论文标题
汤普森的组$ t $是$ \ frac {3} {2} $ - 生成
Thompson's group $T$ is $\frac{3}{2}$-generated
论文作者
论文摘要
每个有限的简单组都可以由两个元素生成,实际上,每个非平凡元素都包含在生成对中。具有此属性的组被认为是$ \ frac {3} {2} $ - 生成的,并且最近对有限的$ \ frac {3} {2} $生成的组进行了分类。转向无限的组,在本文中,我们证明了有限的汤普森的简单组$ t $是$ \ frac {3} {2} $ - 生成的。此外,我们在t $中表现出一个元素$ζ\,因此对于任何非平凡的$α\在t $中,存在$γ\ in t $,使得$ \langleα,ζ^γ\ rangle = t $。

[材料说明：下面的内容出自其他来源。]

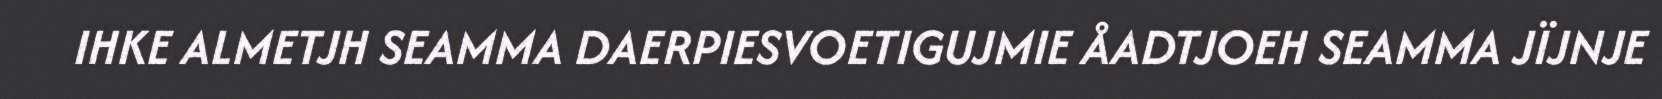
IHKE ALMETJH SEAMMA DAERPIESVOETIGUJMIE ÅADTJOEH SEAMMA JÏJNJE

Every finite simple group can be generated by two elements and, in fact, every nontrivial element is contained in a generating pair. Groups with this property are said to be $\frac{3}{2}$-generated, and the finite $\frac{3}{2}$-generated groups were recently classified. Turning to infinite groups, in this paper, we prove that the finitely presented simple group $T$ of Thompson is $\frac{3}{2}$-generated. Moreover, we exhibit an element $ζ\in T$ such that for any nontrivial $α\in T$, there exists $γ\in T$ such that $\langle α, ζ^γ\rangle = T$.